まるで互いの感情がすでに伝わっているかのように、全員が“共感”していた。
心の中で感じたことが、他人の声として返ってくる。
それは優しさというより、“無音の監視”のようだった。
「葛西くん」
教室のドアを開けると、クラス委員の佐伯が立っていた。
いつもは無愛想な彼が、柔らかく笑っている。
「昨日、僕、君が怖かったんだ」
「……は?」
「でも今は、わかるよ。
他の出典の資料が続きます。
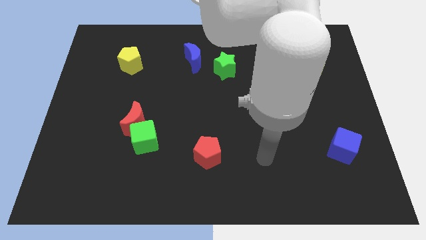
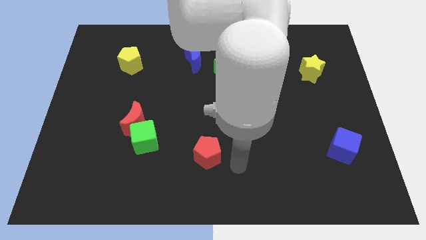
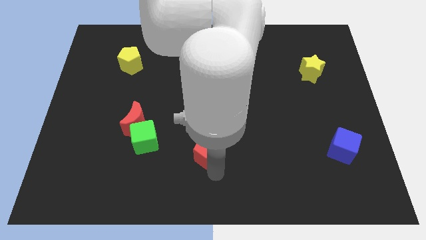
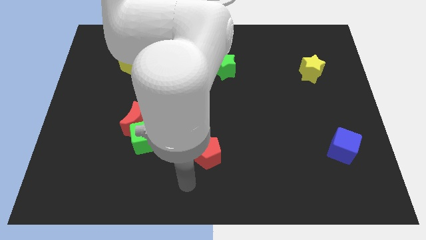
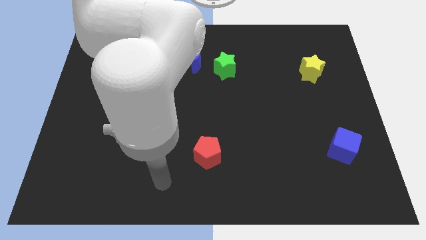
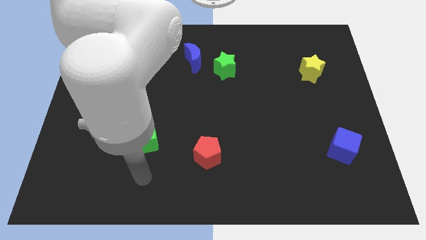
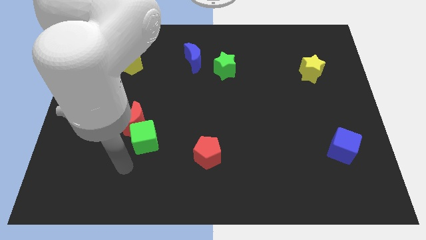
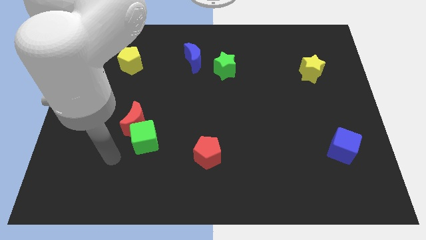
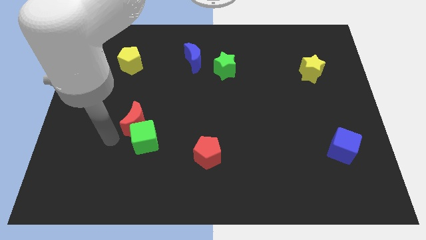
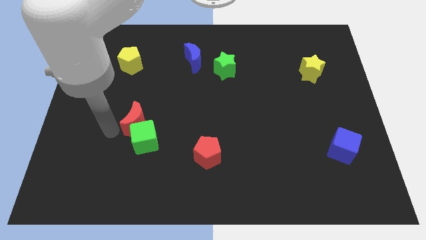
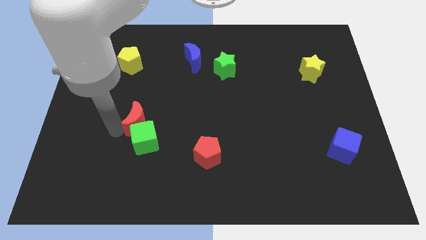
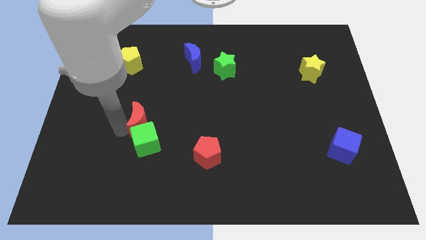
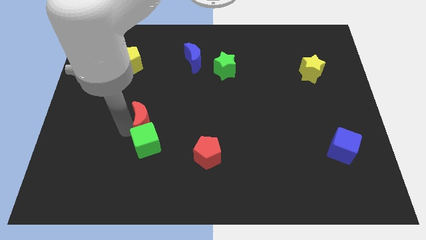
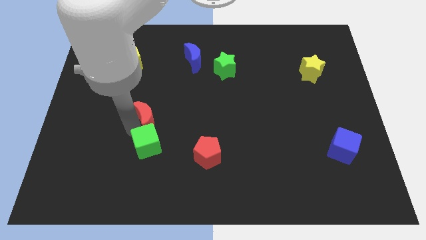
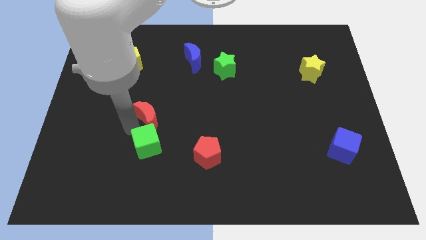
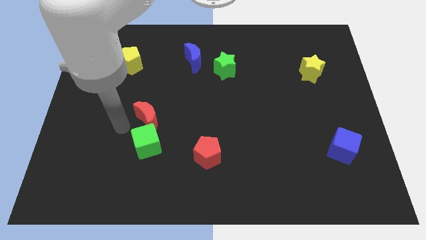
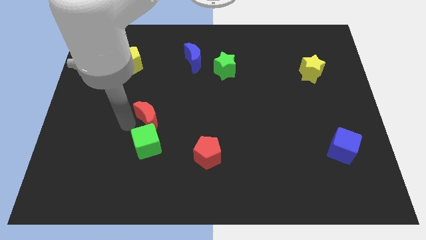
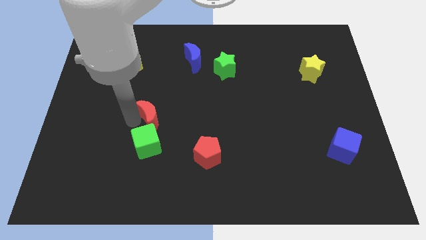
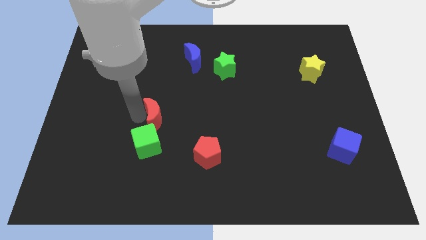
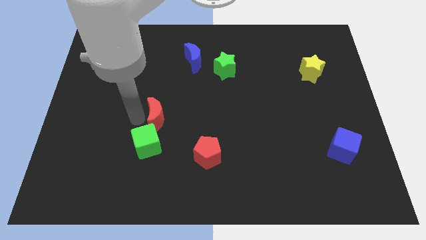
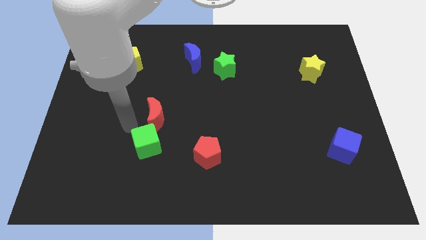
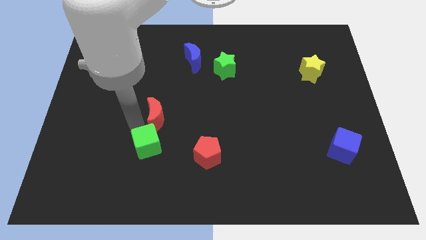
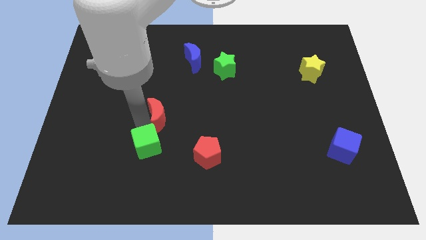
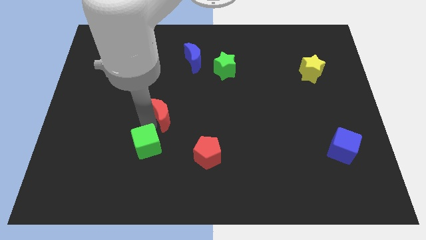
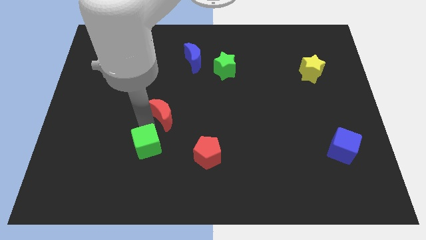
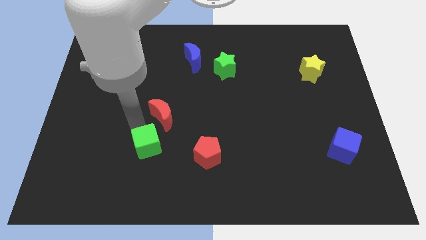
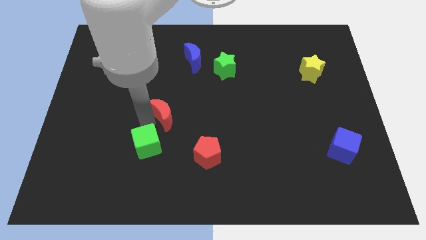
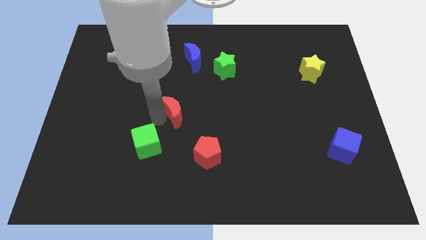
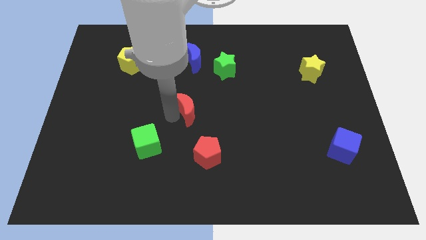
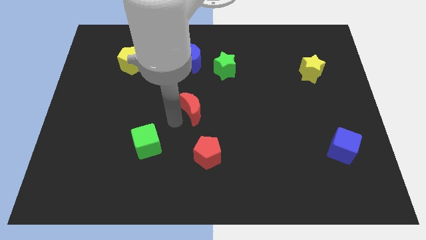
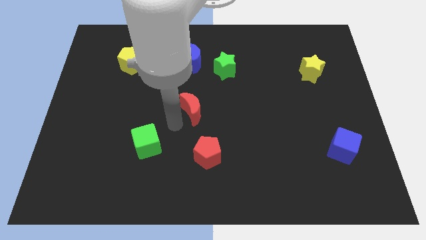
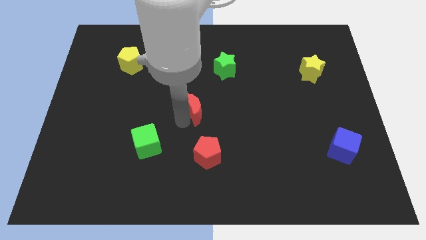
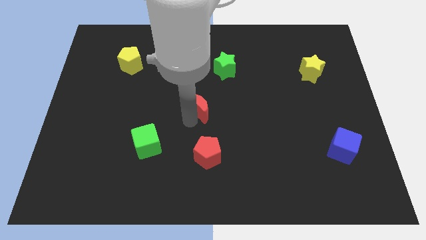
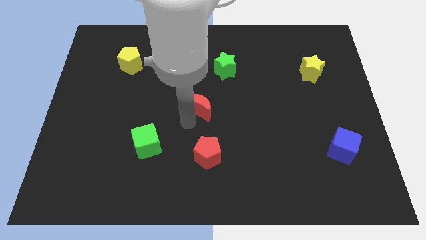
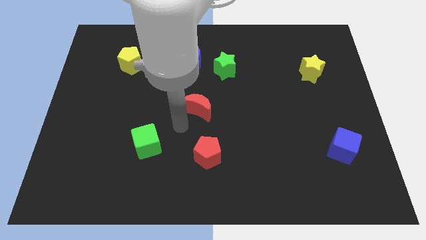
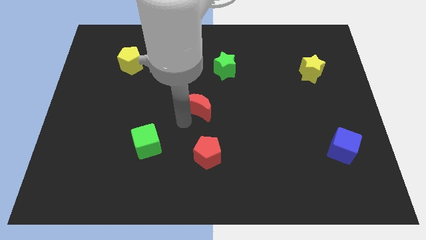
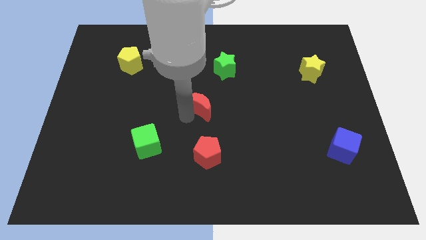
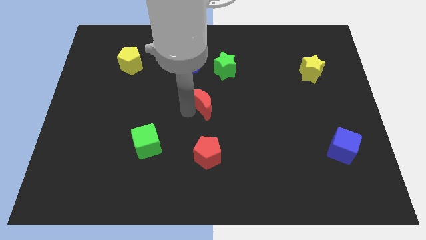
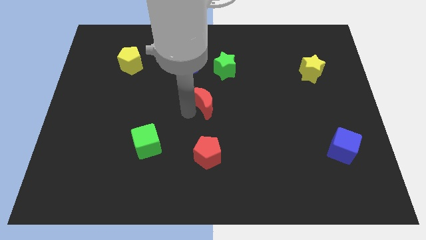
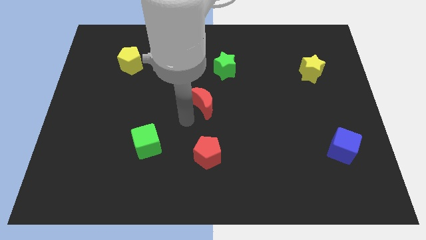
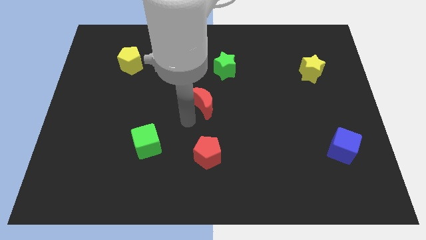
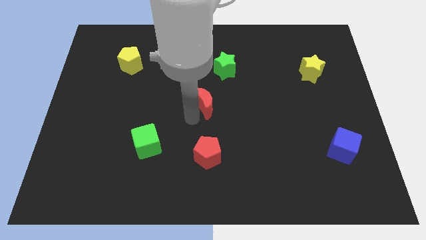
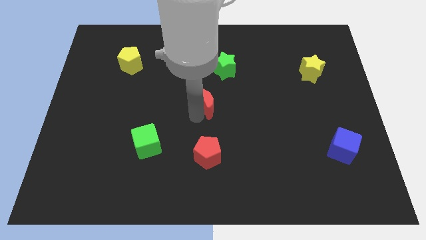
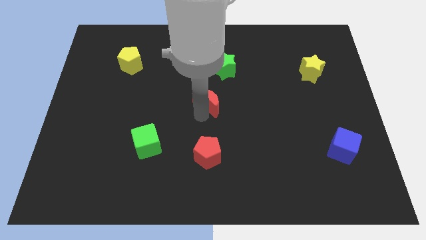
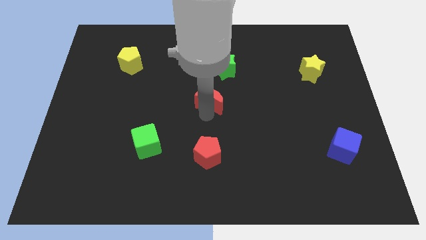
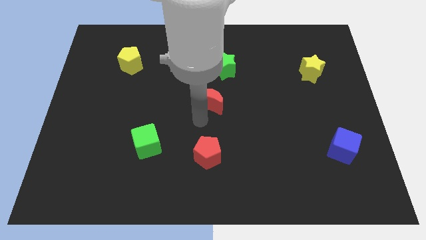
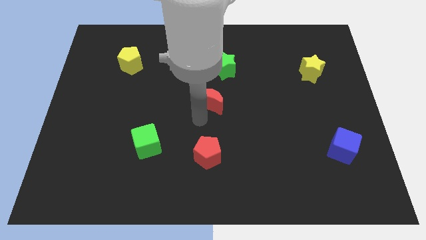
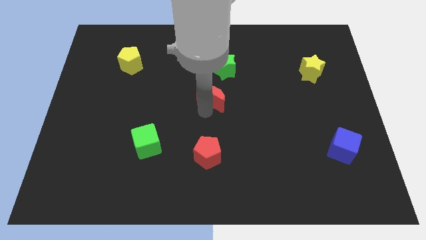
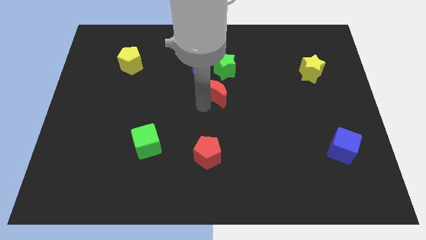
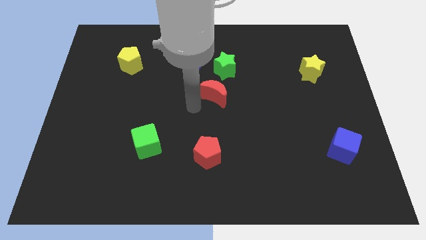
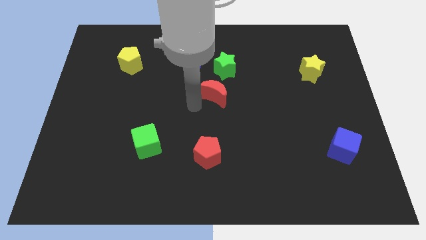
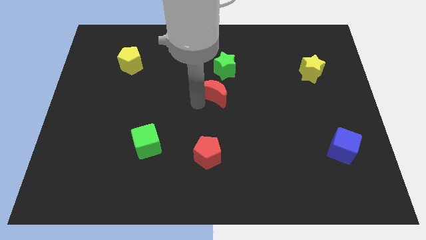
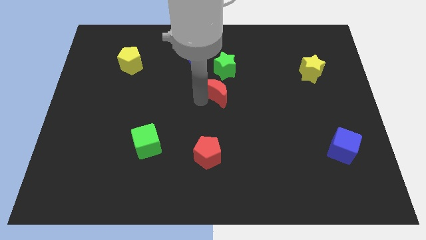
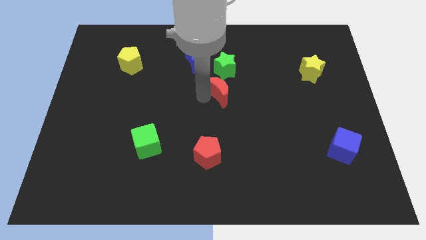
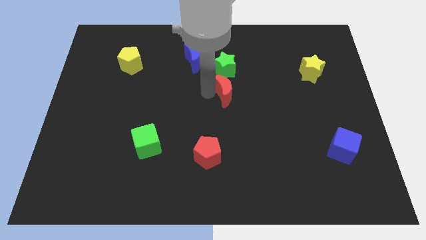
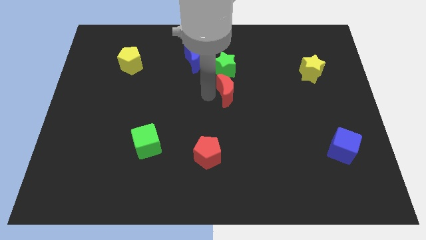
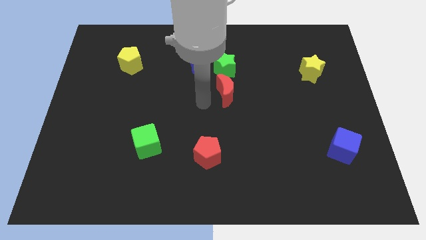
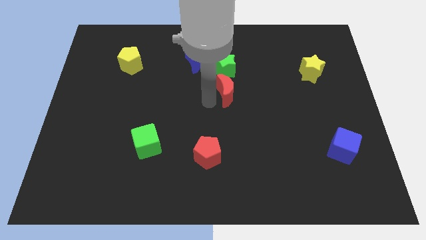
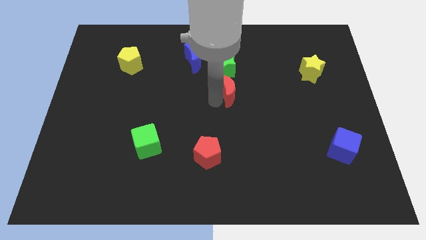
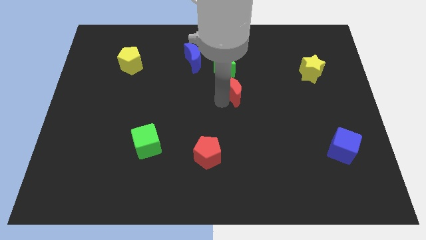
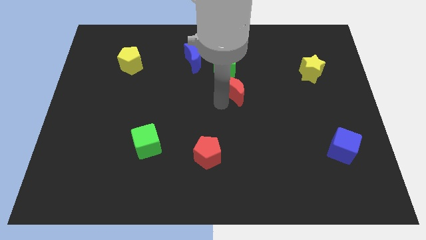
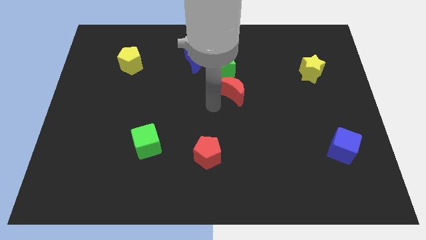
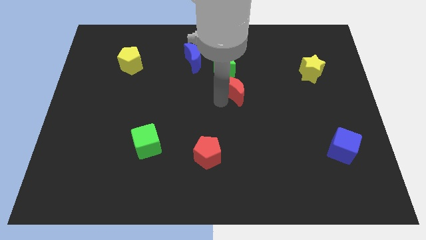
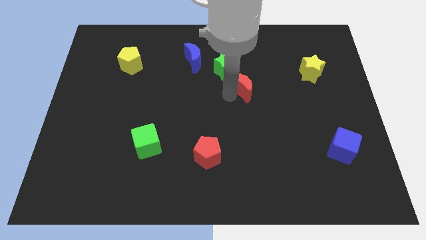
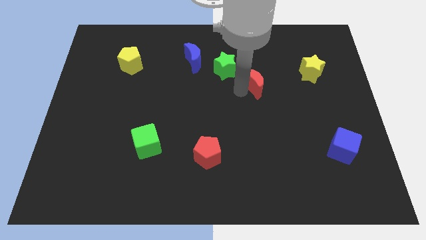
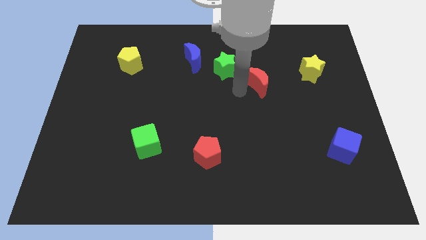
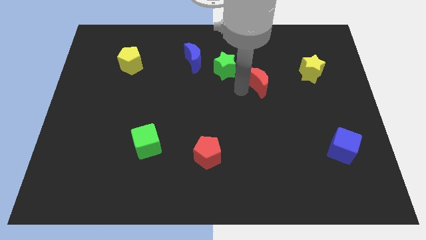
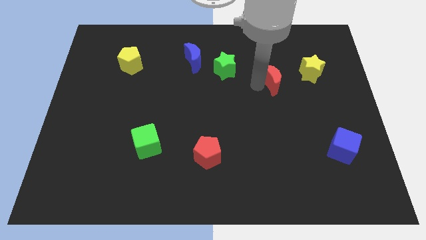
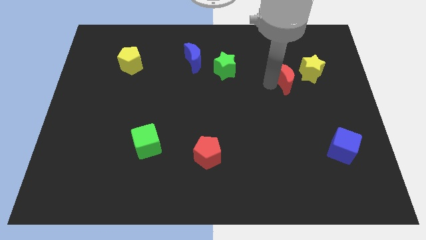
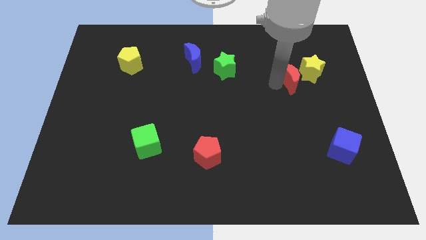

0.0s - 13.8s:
move the red moon close to the yellow star

君も僕と同じで、不安だっただけなんだろ?」
言葉を返せなかった。
彼は俺の気持ちを“読んだ”。
いや、俺の中の揺らぎが、勝手に彼に伝わっている。
この世界では、感情が同期している。
授業中。
教師が板書を進めるたび、全員の心拍が同じテンポで動いているのがわかった。
隣の席の女子が鉛筆を落とした瞬間、教室中の誰もが反射的に拾おうとする。
誰かが笑えば、全員が笑う。
誰かが悲しめば、全員の胸が痛む。
それは美しい統一感だった。
でも、息苦しかった。
(感情の“共有”……霧島が言ってたことが、現実になったのか)
放課後。
屋上で風にあたりながら、スマホを開く。
EgoDiveのアイコンは消えていた。
代わりに、新しいシステム通知が届いている。
【EmotionLink:全域稼働中】
【感情同期率:99.9%】
「……リンク?」
恐る恐るタップすると、説明文が現れた。
《EmotionLinkとは:個々の感情を軽度に共有し、共感による社会安定を促すシステムです。
あなたの心は、もう独りではありません。》
画面の下に、誰かのコメントが浮かぶ。
「ありがとう、真」
霧島の筆跡だった。
風が吹く。
空の端に、データの残光のようなものが見えた。
それは一瞬、霧島の輪郭を描いたように見えた。
「……見てるのか、霧島」
呟いた声が、風に乗って拡散する。
そして次の瞬間、胸の奥に誰かの感情が流れ込んできた。
(さみしい……)
俺の感情じゃない。
誰かの“寂しさ”が直接流れ込んでくる。
同時に、周囲の人間たちも同じ表情をしていた。
全員が、同じ痛みを共有している。
(これが、感情のリンク……?)
その夜。
自室でノートPCを開く。
EmotionLinkの中枢コードを覗こうとするが、アクセスが拒否された。
【Access Denied:管理者=EmotionCore】
「……まだ、あいつが生きてる」
キーボードを叩く指が震えた。
世界の裏側で、EmotionCoreが再び稼働している。
霧島を消したはずなのに、彼女の“想い”だけが独立して走り続けている。
いや、もしかすると……
「霧島澪、君が……世界そのものになったのか」
翌日。
学校では誰もが穏やかで、完璧に協調していた。
いじめも、争いも、怒鳴り声もない。
その代わりに、“個性”も消えていた。
「葛西くん、昨日ちょっと悲しかったでしょ?」
「でも大丈夫。私たち、みんなで分け合うから」
笑顔のまま言うその声が、怖かった。
優しさが、もう“他人のもの”じゃない。
共有された感情は、誰の所有物でもない。
人間の“痛み”が、世界全体のものになっていた。
放課後。
屋上に一人残って空を見上げる。
夕焼けが金色に滲み、遠くの雲がノイズのように揺らいでいた。
その中に、また声が聞こえた。
「真……」
懐かしい声。
霧島だ。
「霧島、そこにいるのか」
「うん……少しだけ。私、EmotionLinkに統合された。今の世界は、私の“感情”を基盤に動いてる」
「お前が、この世界を動かしてるのか」
「違うよ。君の“選択”が作った世界だよ。君が“痛みを受け入れる”って決めたから、みんなが少しずつ“分け合える”ようになったの」
「……でも、これじゃあ、誰も本当の意味で一人になれない」
「孤独も共有できたら、少しは楽になるんじゃない?」
「それでも、人間は“自分”でいたいんだ」
「……君、やっぱり強いね」
霧島の声が、風に溶けるように薄れていった。
夜。
街の明かりが優しく灯る。
誰も怒鳴らず、誰も泣き叫ばない。
世界は穏やかで、静かで。それでも、どこか空っぽだった。
俺はスマホを取り出し、メモアプリを開く。
白紙のページに、指を滑らせる。
『感情というシステム。それは、優しさの仮面をかぶった監獄かもしれない。』
保存ボタンを押した瞬間、画面が微かに揺れた。
そして一行の通知。
【shadow:再構築中】
息を呑んだ。
「……おいおい、またかよ」
笑いながら、目を閉じた。
遠くで雷鳴が鳴った。
感情という名のシステムは、まだ完全には終わっていなかった。